The following are required data source arguments:

data_type: type of input data. Either RasterDataset, GeoDataset or GeoDataFrame.
driver: data_type specific driver to read a dataset, see overview below.
path: path to the data file. Relative paths are combined with the global root option of the yaml file (if available) or the directory of the yaml file itself. To read multiple files in a single dataset (if supported by the driver) a string glob in the form of "path/to/my/files/*.nc" can be used. The filenames can be further specified with {variable}, {year} and {month} keys to limit which files are being read based on the get_data request in the form of "path/to/my/files/{variable}_{year}_{month}.nc". Note that month is by default not zero-padded (e.g. January 2012 is stored as "path/to/my/files/{variable}_2012_1.nc"). Users can optionally add a formatting string to define how the key should be read. For example, in a path written as "path/to/my/files/{variable}_{year}_{month:02d}.nc", the month always has two digits and is zero-padded for Jan-Sep (e.g. January 2012 is stored as "path/to/my/files/{variable}_2012_01.nc").

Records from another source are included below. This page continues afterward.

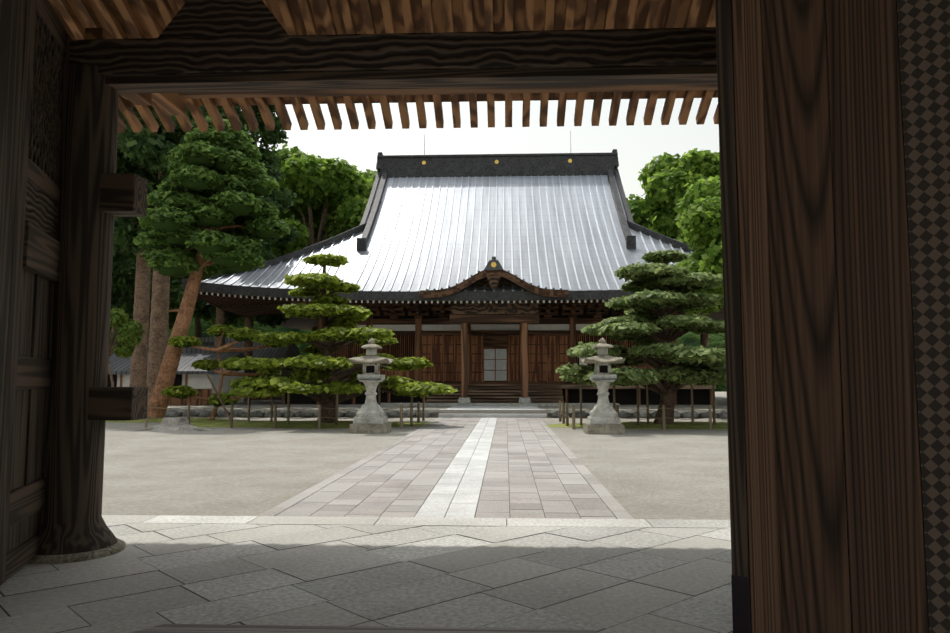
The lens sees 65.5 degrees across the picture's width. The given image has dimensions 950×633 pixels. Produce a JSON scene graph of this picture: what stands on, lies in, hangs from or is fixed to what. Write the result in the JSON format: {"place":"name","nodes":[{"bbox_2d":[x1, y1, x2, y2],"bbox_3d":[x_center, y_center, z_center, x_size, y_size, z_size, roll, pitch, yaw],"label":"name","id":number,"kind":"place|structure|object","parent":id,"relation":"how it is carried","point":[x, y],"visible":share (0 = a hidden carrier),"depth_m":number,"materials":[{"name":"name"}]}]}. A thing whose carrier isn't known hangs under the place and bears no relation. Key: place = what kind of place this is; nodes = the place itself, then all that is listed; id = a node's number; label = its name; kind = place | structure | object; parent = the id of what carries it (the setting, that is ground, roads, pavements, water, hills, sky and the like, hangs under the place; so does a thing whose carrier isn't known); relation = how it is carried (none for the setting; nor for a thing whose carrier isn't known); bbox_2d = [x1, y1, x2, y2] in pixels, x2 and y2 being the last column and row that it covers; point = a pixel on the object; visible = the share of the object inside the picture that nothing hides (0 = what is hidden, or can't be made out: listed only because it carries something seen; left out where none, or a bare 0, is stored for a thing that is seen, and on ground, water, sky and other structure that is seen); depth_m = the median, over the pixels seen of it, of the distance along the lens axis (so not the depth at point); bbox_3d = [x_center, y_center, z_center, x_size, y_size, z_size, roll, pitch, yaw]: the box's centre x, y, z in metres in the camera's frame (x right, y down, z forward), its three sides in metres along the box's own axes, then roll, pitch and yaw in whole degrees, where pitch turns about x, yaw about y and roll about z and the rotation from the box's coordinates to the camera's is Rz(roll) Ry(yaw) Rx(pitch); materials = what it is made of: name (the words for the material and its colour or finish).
{"place":"outdoors","nodes":[
{"label":"outdoors","id":0,"kind":"place"},
{"bbox_2d":[0,0,71,584],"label":"gate door stiles","id":1,"kind":"object","parent":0,"point":[17,28],"visible":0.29,"depth_m":5.54,"materials":[{"name":"wood"}]},
{"bbox_2d":[7,269,51,552],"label":"door panels","id":2,"kind":"object","parent":1,"relation":"in","point":[30,404],"visible":0.56,"depth_m":6.14,"materials":[{"name":"wood"}]},
{"bbox_2d":[6,0,67,579],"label":"door rails","id":3,"kind":"object","parent":1,"relation":"attached to","point":[41,253],"visible":0.52,"depth_m":6.15,"materials":[{"name":"wood"}]},
{"bbox_2d":[25,179,57,238],"bbox_3d":[-3.724,-0.893,6.282,0.065,0.356,0.976,1,-5,-16],"label":"carved wood panel","id":4,"kind":"object","parent":1,"relation":"attached to","point":[41,212],"visible":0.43,"depth_m":6.29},
{"bbox_2d":[28,8,64,185],"bbox_3d":[-3.724,-1.859,6.367,0.065,1.256,0.976,1,-5,-16],"label":"carved panel","id":5,"kind":"object","parent":1,"relation":"attached to","point":[46,108],"visible":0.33,"depth_m":6.38,"materials":[{"name":"wood"}]},
{"bbox_2d":[110,217,152,332],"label":"tree","id":6,"kind":"object","parent":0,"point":[116,270],"depth_m":48.84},
{"bbox_2d":[85,28,185,115],"bbox_3d":[-3.641,-2.518,8.054,0.180,0.388,1.880,0,-5,2],"label":"bracket","id":7,"kind":"object","parent":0,"point":[173,104],"visible":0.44,"depth_m":8.32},
{"bbox_2d":[117,369,244,403],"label":"temple office walls","id":8,"kind":"structure","parent":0,"point":[198,381],"depth_m":40.60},
{"bbox_2d":[107,374,181,386],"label":"dark office windows","id":9,"kind":"structure","parent":8,"relation":"in","point":[178,380],"depth_m":40.56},
{"bbox_2d":[120,374,211,404],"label":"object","id":10,"kind":"object","parent":8,"relation":"attached to","point":[190,401],"visible":0.08,"depth_m":40.34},
{"bbox_2d":[265,369,293,399],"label":"temple corridor walls","id":11,"kind":"structure","parent":0,"point":[287,373],"depth_m":54.74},
{"bbox_2d":[0,515,732,632],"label":"stone pavement","id":12,"kind":"structure","parent":0,"point":[607,608],"depth_m":5.85,"materials":[{"name":"stone"}]},
{"bbox_2d":[28,538,125,564],"bbox_3d":[-3.680,2.116,6.706,0.920,0.080,0.920,0,-5,2],"label":"pillar base","id":13,"kind":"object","parent":12,"relation":"on","point":[118,546],"visible":0.38,"depth_m":6.36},
{"bbox_2d":[36,64,117,554],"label":"gate pillar","id":14,"kind":"structure","parent":13,"relation":"on","point":[73,521],"depth_m":6.70,"materials":[{"name":"wood"}]},
{"bbox_2d":[88,173,147,420],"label":"beam ends","id":15,"kind":"object","parent":14,"relation":"attached to","point":[123,194],"visible":0.4,"depth_m":6.83,"materials":[{"name":"wood"}]},
{"bbox_2d":[69,27,716,75],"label":"wooden beam","id":16,"kind":"structure","parent":14,"relation":"on","point":[446,51],"depth_m":6.81,"materials":[{"name":"wood"}]},
{"bbox_2d":[158,0,288,37],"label":"gate kaerumata","id":17,"kind":"object","parent":16,"relation":"on","point":[214,18],"visible":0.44,"depth_m":6.98,"materials":[{"name":"wood"}]},
{"bbox_2d":[105,65,716,93],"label":"gate lintel","id":18,"kind":"structure","parent":14,"relation":"attached to","point":[476,78],"depth_m":6.90,"materials":[{"name":"wood"}]},
{"bbox_2d":[132,624,595,632],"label":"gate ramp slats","id":19,"kind":"object","parent":12,"relation":"on","point":[186,628],"visible":0.97,"depth_m":4.46,"materials":[{"name":"stone"}]},
{"bbox_2d":[897,0,949,632],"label":"lattice panel","id":20,"kind":"object","parent":12,"relation":"on","point":[924,36],"visible":1,"depth_m":3.65,"materials":[{"name":"wood"}]},
{"bbox_2d":[200,292,609,302],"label":"white hall rafter ends","id":21,"kind":"object","parent":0,"point":[373,301],"visible":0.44,"depth_m":39.02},
{"bbox_2d":[182,282,634,329],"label":"roof eaves","id":22,"kind":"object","parent":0,"point":[415,295],"depth_m":38.83,"materials":[{"name":"wood"}]},
{"bbox_2d":[102,417,729,519],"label":"gravel ground","id":23,"kind":"structure","parent":0,"point":[645,474],"depth_m":14.62,"materials":[{"name":"gravel"}]},
{"bbox_2d":[108,308,144,386],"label":"small tree","id":24,"kind":"object","parent":23,"relation":"on","point":[134,329],"depth_m":30.75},
{"bbox_2d":[112,253,170,307],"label":"broadleaf tree leaves","id":25,"kind":"object","parent":23,"relation":"on","point":[126,305],"depth_m":52.63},
{"bbox_2d":[146,135,169,403],"bbox_3d":[-15.427,-7.775,35.735,5.074,25.252,4.407,-4,-6,36],"label":"tree trunk","id":26,"kind":"object","parent":23,"relation":"on","point":[159,325],"depth_m":34.97,"materials":[{"name":"brown plant"}]},
{"bbox_2d":[106,418,237,422],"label":"grass","id":27,"kind":"structure","parent":23,"relation":"on","point":[158,420],"depth_m":30.36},
{"bbox_2d":[150,417,196,431],"bbox_3d":[-10.229,3.662,25.179,1.703,0.420,1.682,0,-5,2],"label":"old tree stump","id":28,"kind":"object","parent":23,"relation":"on","point":[170,424],"visible":0.83,"depth_m":24.79,"materials":[{"name":"grey wood"}]},
{"bbox_2d":[135,424,210,431],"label":"old tree stump roots","id":29,"kind":"object","parent":28,"relation":"attached to","point":[179,426],"visible":0.44,"depth_m":24.96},
{"bbox_2d":[118,276,244,336],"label":"broadleaf tree leaves","id":30,"kind":"object","parent":23,"relation":"on","point":[203,312],"depth_m":54.49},
{"bbox_2d":[132,116,289,418],"bbox_3d":[-11.379,-2.006,31.592,6.314,13.148,6.372,0,-5,2],"label":"red pine tree","id":31,"kind":"object","parent":23,"relation":"on","point":[203,204],"depth_m":30.68,"materials":[{"name":"plant"}]},
{"bbox_2d":[206,373,229,419],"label":"pine brace poles","id":32,"kind":"object","parent":23,"relation":"on","point":[219,398],"visible":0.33,"depth_m":30.40,"materials":[{"name":"brown wood"}]},
{"bbox_2d":[161,324,286,419],"bbox_3d":[-10.281,2.343,30.512,5.162,4.148,2.732,0,-5,2],"label":"pine tree","id":33,"kind":"object","parent":23,"relation":"on","point":[232,333],"depth_m":30.63,"materials":[{"name":"plant"}]},
{"bbox_2d":[144,401,424,428],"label":"fence posts","id":34,"kind":"object","parent":23,"relation":"on","point":[319,416],"visible":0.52,"depth_m":26.28,"materials":[{"name":"brown wood"}]},
{"bbox_2d":[147,403,423,418],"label":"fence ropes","id":35,"kind":"object","parent":34,"relation":"on","point":[278,417],"visible":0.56,"depth_m":26.24,"materials":[{"name":"brown"}]},
{"bbox_2d":[190,420,427,428],"bbox_3d":[-6.467,4.117,28.549,11.005,0.100,5.256,0,-5,2],"label":"moss mound","id":36,"kind":"object","parent":23,"relation":"on","point":[313,424],"visible":0.62,"depth_m":27.42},
{"bbox_2d":[270,144,373,381],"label":"broadleaf tree leaves","id":37,"kind":"object","parent":23,"relation":"on","point":[323,180],"depth_m":59.40,"materials":[{"name":"plant"}]},
{"bbox_2d":[247,384,412,424],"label":"tree support posts","id":38,"kind":"object","parent":23,"relation":"on","point":[336,410],"visible":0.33,"depth_m":27.50,"materials":[{"name":"brown wood"}]},
{"bbox_2d":[357,169,377,181],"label":"broadleaf tree leaves","id":39,"kind":"object","parent":23,"relation":"on","point":[368,175],"depth_m":68.97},
{"bbox_2d":[348,338,393,433],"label":"stone lantern","id":40,"kind":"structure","parent":23,"relation":"on","point":[384,428],"depth_m":23.64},
{"bbox_2d":[366,366,373,372],"bbox_3d":[-3.397,1.726,24.230,0.279,0.353,0.279,0,-5,2],"label":"lantern opening","id":41,"kind":"object","parent":40,"relation":"attached to","point":[369,369],"visible":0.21,"depth_m":24.09,"materials":[{"name":"black"}]},
{"bbox_2d":[353,348,387,423],"bbox_3d":[-3.397,2.264,24.183,0.965,2.437,0.965,0,-5,2],"label":"stone lantern","id":42,"kind":"object","parent":40,"relation":"attached to","point":[370,411],"visible":1,"depth_m":23.86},
{"bbox_2d":[259,417,632,518],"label":"temple path tiles","id":43,"kind":"object","parent":23,"relation":"on","point":[351,487],"visible":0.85,"depth_m":12.17,"materials":[{"name":"stone"}]},
{"bbox_2d":[165,410,726,417],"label":"terrace boulder wall","id":44,"kind":"structure","parent":23,"relation":"on","point":[352,413],"depth_m":33.84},
{"bbox_2d":[166,409,726,412],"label":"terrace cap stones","id":45,"kind":"object","parent":44,"relation":"on","point":[436,410],"visible":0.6,"depth_m":33.84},
{"bbox_2d":[415,418,496,517],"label":"central stone path","id":46,"kind":"structure","parent":23,"relation":"on","point":[463,504],"depth_m":12.15,"materials":[{"name":"stone"}]},
{"bbox_2d":[298,419,616,518],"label":"paving joints","id":47,"kind":"object","parent":23,"relation":"on","point":[484,475],"visible":0.07,"depth_m":12.20,"materials":[{"name":"grey"}]},
{"bbox_2d":[581,337,624,433],"bbox_3d":[4.136,2.213,23.873,1.265,3.078,1.265,0,-5,2],"label":"stone lantern","id":48,"kind":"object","parent":23,"relation":"on","point":[602,429],"depth_m":23.33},
{"bbox_2d":[587,348,620,424],"bbox_3d":[4.136,2.236,23.871,0.965,2.437,0.965,0,-5,2],"label":"stone lantern","id":49,"kind":"object","parent":48,"relation":"attached to","point":[602,412],"visible":0.98,"depth_m":23.54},
{"bbox_2d":[559,401,711,429],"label":"tree support posts","id":50,"kind":"object","parent":23,"relation":"on","point":[562,416],"visible":0.44,"depth_m":25.57,"materials":[{"name":"brown wood"}]},
{"bbox_2d":[561,405,726,419],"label":"fence ropes","id":51,"kind":"object","parent":50,"relation":"on","point":[655,408],"visible":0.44,"depth_m":25.53,"materials":[{"name":"brown"}]},
{"bbox_2d":[546,422,727,428],"bbox_3d":[8.067,4.055,27.840,12.185,0.100,4.774,0,-5,2],"label":"moss mound","id":52,"kind":"object","parent":23,"relation":"on","point":[677,425],"visible":0.38,"depth_m":26.66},
{"bbox_2d":[580,384,715,424],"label":"tree support posts","id":53,"kind":"object","parent":23,"relation":"on","point":[692,405],"visible":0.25,"depth_m":27.00,"materials":[{"name":"brown wood"}]},
{"bbox_2d":[626,148,719,345],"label":"broadleaf tree leaves","id":54,"kind":"object","parent":23,"relation":"on","point":[656,213],"depth_m":55.41,"materials":[{"name":"plant"}]},
{"bbox_2d":[673,175,723,315],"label":"broadleaf tree leaves","id":55,"kind":"object","parent":23,"relation":"on","point":[691,227],"depth_m":32.00,"materials":[{"name":"plant"}]},
{"bbox_2d":[109,215,725,391],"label":"forest hillside terrain","id":56,"kind":"structure","parent":0,"point":[690,338],"depth_m":89.26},
{"bbox_2d":[113,112,163,255],"bbox_3d":[-16.395,-12.756,37.907,8.159,20.159,8.061,0,-5,2],"label":"tree","id":57,"kind":"object","parent":56,"relation":"on","point":[126,223],"depth_m":35.09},
{"bbox_2d":[173,105,282,307],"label":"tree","id":58,"kind":"object","parent":56,"relation":"on","point":[277,204],"depth_m":49.63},
{"bbox_2d":[206,105,299,327],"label":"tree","id":59,"kind":"object","parent":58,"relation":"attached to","point":[294,235],"depth_m":51.28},
{"bbox_2d":[228,253,457,422],"bbox_3d":[-5.058,0.913,28.366,8.928,6.662,7.734,0,-5,2],"label":"pine tree","id":60,"kind":"object","parent":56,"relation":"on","point":[273,385],"depth_m":27.14,"materials":[{"name":"plant"}]},
{"bbox_2d":[555,249,725,423],"bbox_3d":[7.021,0.880,27.801,8.011,6.672,8.177,0,-5,2],"label":"pine tree","id":61,"kind":"object","parent":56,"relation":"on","point":[712,371],"depth_m":26.25,"materials":[{"name":"plant"}]},
{"bbox_2d":[119,84,717,99],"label":"eave beam","id":62,"kind":"structure","parent":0,"point":[622,88],"depth_m":8.72,"materials":[{"name":"wood"}]},
{"bbox_2d":[53,0,718,132],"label":"rafters","id":63,"kind":"object","parent":62,"relation":"on","point":[69,16],"visible":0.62,"depth_m":8.97,"materials":[{"name":"wood"}]},
{"bbox_2d":[48,0,717,106],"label":"roof boards","id":64,"kind":"object","parent":63,"relation":"on","point":[499,15],"visible":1,"depth_m":8.15,"materials":[{"name":"wood"}]},
{"bbox_2d":[165,392,726,417],"bbox_3d":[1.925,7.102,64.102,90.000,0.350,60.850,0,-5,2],"label":"stone foundation","id":65,"kind":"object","parent":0,"point":[720,400],"depth_m":36.96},
{"bbox_2d":[129,177,151,386],"bbox_3d":[-16.662,-8.622,37.363,5.304,27.223,5.005,3,-6,-29],"label":"tree trunk","id":66,"kind":"object","parent":65,"relation":"on","point":[138,367],"visible":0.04,"depth_m":36.54,"materials":[{"name":"brown plant"}]},
{"bbox_2d":[116,106,251,190],"bbox_3d":[-15.045,-12.867,36.352,8.191,16.287,7.092,0,-5,2],"label":"tree","id":67,"kind":"object","parent":66,"relation":"attached to","point":[131,147],"depth_m":33.40,"materials":[{"name":"plant"}]},
{"bbox_2d":[108,347,256,373],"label":"background building roof","id":68,"kind":"object","parent":65,"relation":"on","point":[188,358],"visible":0.17,"depth_m":41.76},
{"bbox_2d":[214,307,225,346],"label":"cedar tree trunk","id":69,"kind":"object","parent":65,"relation":"on","point":[220,316],"depth_m":49.08,"materials":[{"name":"brown plant"}]},
{"bbox_2d":[148,337,300,358],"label":"background building roof","id":70,"kind":"structure","parent":65,"relation":"on","point":[278,352],"depth_m":54.39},
{"bbox_2d":[284,350,291,357],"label":"temple corridor gables","id":71,"kind":"object","parent":70,"relation":"attached to","point":[288,354],"depth_m":56.01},
{"bbox_2d":[243,105,255,400],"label":"cedar tree trunk","id":72,"kind":"object","parent":65,"relation":"on","point":[249,325],"visible":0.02,"depth_m":50.45,"materials":[{"name":"brown plant"}]},
{"bbox_2d":[252,370,270,399],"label":"temple corridor timber","id":73,"kind":"object","parent":65,"relation":"on","point":[266,398],"visible":0.02,"depth_m":52.26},
{"bbox_2d":[201,173,691,290],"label":"roof","id":74,"kind":"structure","parent":65,"relation":"on","point":[350,272],"depth_m":45.66,"materials":[{"name":"metal"}]},
{"bbox_2d":[182,169,694,282],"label":"roof ridges","id":75,"kind":"object","parent":74,"relation":"on","point":[625,224],"visible":0.71,"depth_m":46.48,"materials":[{"name":"metal"}]},
{"bbox_2d":[203,175,692,290],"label":"roof seams","id":76,"kind":"object","parent":74,"relation":"on","point":[277,277],"visible":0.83,"depth_m":45.13,"materials":[{"name":"metal"}]},
{"bbox_2d":[420,270,554,290],"bbox_3d":[1.046,-1.792,40.000,7.700,1.150,3.450,0,-5,2],"label":"gable roof edge","id":77,"kind":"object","parent":74,"relation":"attached to","point":[475,274],"depth_m":38.41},
{"bbox_2d":[426,270,561,290],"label":"karahafu tile ribs","id":78,"kind":"object","parent":77,"relation":"on","point":[508,271],"visible":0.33,"depth_m":38.29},
{"bbox_2d":[484,257,503,269],"bbox_3d":[0.976,-2.750,38.404,1.027,0.720,0.247,0,-5,2],"label":"ridge-end ornament","id":79,"kind":"object","parent":77,"relation":"on","point":[497,267],"visible":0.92,"depth_m":38.28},
{"bbox_2d":[420,270,568,297],"bbox_3d":[0.979,-1.733,38.386,7.700,1.510,0.200,0,-5,2],"label":"curved bargeboard","id":80,"kind":"object","parent":77,"relation":"attached to","point":[486,273],"visible":0.96,"depth_m":38.33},
{"bbox_2d":[487,276,500,288],"bbox_3d":[0.974,-1.768,38.268,0.750,0.660,0.080,0,-5,2],"label":"gable pendant","id":81,"kind":"object","parent":80,"relation":"hanging from","point":[493,281],"visible":0.86,"depth_m":38.23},
{"bbox_2d":[451,278,537,313],"bbox_3d":[1.024,-1.121,39.415,4.620,1.990,0.001,0,-5,2],"label":"karahafu tympanum","id":82,"kind":"object","parent":74,"relation":"attached to","point":[493,307],"visible":0.56,"depth_m":39.37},
{"bbox_2d":[376,149,618,177],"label":"roof ridge","id":83,"kind":"structure","parent":74,"relation":"on","point":[486,165],"depth_m":53.47,"materials":[{"name":"tile"}]},
{"bbox_2d":[422,159,571,164],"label":"roof crests","id":84,"kind":"object","parent":83,"relation":"attached to","point":[497,161],"visible":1,"depth_m":53.56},
{"bbox_2d":[579,357,586,364],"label":"hall notice board","id":85,"kind":"object","parent":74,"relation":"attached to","point":[580,361],"visible":0.07,"depth_m":42.63,"materials":[{"name":"paint"}]},
{"bbox_2d":[426,385,563,402],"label":"wooden steps","id":86,"kind":"structure","parent":65,"relation":"on","point":[512,395],"depth_m":40.36,"materials":[{"name":"brown wood"}]},
{"bbox_2d":[285,389,709,404],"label":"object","id":87,"kind":"structure","parent":65,"relation":"on","point":[629,396],"depth_m":41.48,"materials":[{"name":"black"}]},
{"bbox_2d":[446,384,715,388],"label":"veranda floor","id":88,"kind":"structure","parent":87,"relation":"on","point":[570,386],"depth_m":41.11,"materials":[{"name":"brown wood"}]},
{"bbox_2d":[432,335,507,381],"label":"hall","id":89,"kind":"object","parent":88,"relation":"on","point":[484,381],"depth_m":43.09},
{"bbox_2d":[317,318,676,384],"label":"pillars","id":90,"kind":"structure","parent":88,"relation":"on","point":[418,343],"depth_m":42.99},
{"bbox_2d":[330,318,650,384],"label":"wooden rails","id":91,"kind":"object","parent":90,"relation":"attached to","point":[495,339],"depth_m":43.07,"materials":[{"name":"wood"}]},
{"bbox_2d":[282,389,712,404],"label":"veranda posts","id":92,"kind":"object","parent":65,"relation":"on","point":[424,398],"visible":0.31,"depth_m":41.23,"materials":[{"name":"brown wood"}]},
{"bbox_2d":[377,403,618,406],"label":"stone platform","id":93,"kind":"structure","parent":65,"relation":"on","point":[488,404],"depth_m":38.67,"materials":[{"name":"stone"}]},
{"bbox_2d":[461,323,527,397],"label":"porch columns","id":94,"kind":"structure","parent":93,"relation":"on","point":[464,360],"depth_m":39.18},
{"bbox_2d":[449,314,538,322],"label":"porch beam","id":95,"kind":"structure","parent":94,"relation":"on","point":[493,318],"depth_m":39.40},
{"bbox_2d":[458,397,530,402],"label":"pillar bases","id":96,"kind":"object","parent":93,"relation":"on","point":[468,400],"visible":0.98,"depth_m":38.90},
{"bbox_2d":[183,289,723,328],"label":"hall roof soffit","id":97,"kind":"structure","parent":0,"point":[291,322],"depth_m":48.47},
{"bbox_2d":[329,324,590,330],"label":"hall plaster band","id":98,"kind":"object","parent":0,"point":[495,327],"visible":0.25,"depth_m":43.22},
{"bbox_2d":[197,292,723,308],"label":"eave rafters","id":99,"kind":"object","parent":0,"point":[220,301],"visible":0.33,"depth_m":40.68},
{"bbox_2d":[328,306,638,318],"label":"hall frieze board","id":100,"kind":"object","parent":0,"point":[431,316],"visible":0.14,"depth_m":43.18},
{"bbox_2d":[257,98,718,199],"label":"sky","id":101,"kind":"structure","parent":0,"point":[636,144],"materials":[{"name":"white"}]},
{"bbox_2d":[293,300,683,318],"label":"hall brackets","id":102,"kind":"object","parent":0,"point":[417,308],"visible":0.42,"depth_m":42.82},
{"bbox_2d":[333,335,643,363],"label":"hall window","id":103,"kind":"structure","parent":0,"point":[388,349],"depth_m":43.40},
{"bbox_2d":[450,304,526,309],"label":"blocks","id":104,"kind":"structure","parent":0,"point":[523,308],"depth_m":39.00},
{"bbox_2d":[334,335,646,381],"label":"hall door stiles","id":105,"kind":"object","parent":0,"point":[483,359],"visible":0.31,"depth_m":43.05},
{"bbox_2d":[439,406,546,417],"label":"stone steps","id":106,"kind":"structure","parent":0,"point":[493,415],"depth_m":33.54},
{"bbox_2d":[484,349,506,380],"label":"window","id":107,"kind":"structure","parent":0,"point":[490,364],"depth_m":43.05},
{"bbox_2d":[362,336,652,380],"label":"wooden wall panels","id":108,"kind":"object","parent":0,"point":[410,373],"visible":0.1,"depth_m":43.08,"materials":[{"name":"wood"}]},
{"bbox_2d":[599,365,607,372],"bbox_3d":[4.136,1.699,23.918,0.279,0.353,0.279,0,-5,2],"label":"lantern opening","id":109,"kind":"object","parent":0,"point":[603,368],"visible":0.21,"depth_m":23.78,"materials":[{"name":"black"}]},
{"bbox_2d":[731,575,751,632],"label":"post base cover","id":110,"kind":"object","parent":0,"point":[741,606],"visible":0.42,"depth_m":4.03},
{"bbox_2d":[761,0,929,632],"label":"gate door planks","id":111,"kind":"object","parent":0,"point":[852,539],"visible":0.88,"depth_m":3.85,"materials":[{"name":"wood"}]},
{"bbox_2d":[715,0,749,576],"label":"door frame","id":112,"kind":"object","parent":111,"relation":"attached to","point":[733,328],"visible":0.67,"depth_m":4.18,"materials":[{"name":"wood"}]},
{"bbox_2d":[732,0,782,632],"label":"wooden post","id":113,"kind":"object","parent":111,"relation":"attached to","point":[761,467],"visible":0.75,"depth_m":4.09,"materials":[{"name":"wood"}]}
]}

A full list of optional data source arguments is given below

Note

The alias argument will be deprecated and should no longer be used, see github issue for more information

Warning

Using cloud data is still experimental and only supported for DataFrame, RasterDataset and Geodataset with zarr. RasterDataset with raster driver is also possible but in case of multiple files (mosaic) we strongly recommend using a vrt file for speed and computation efficiency.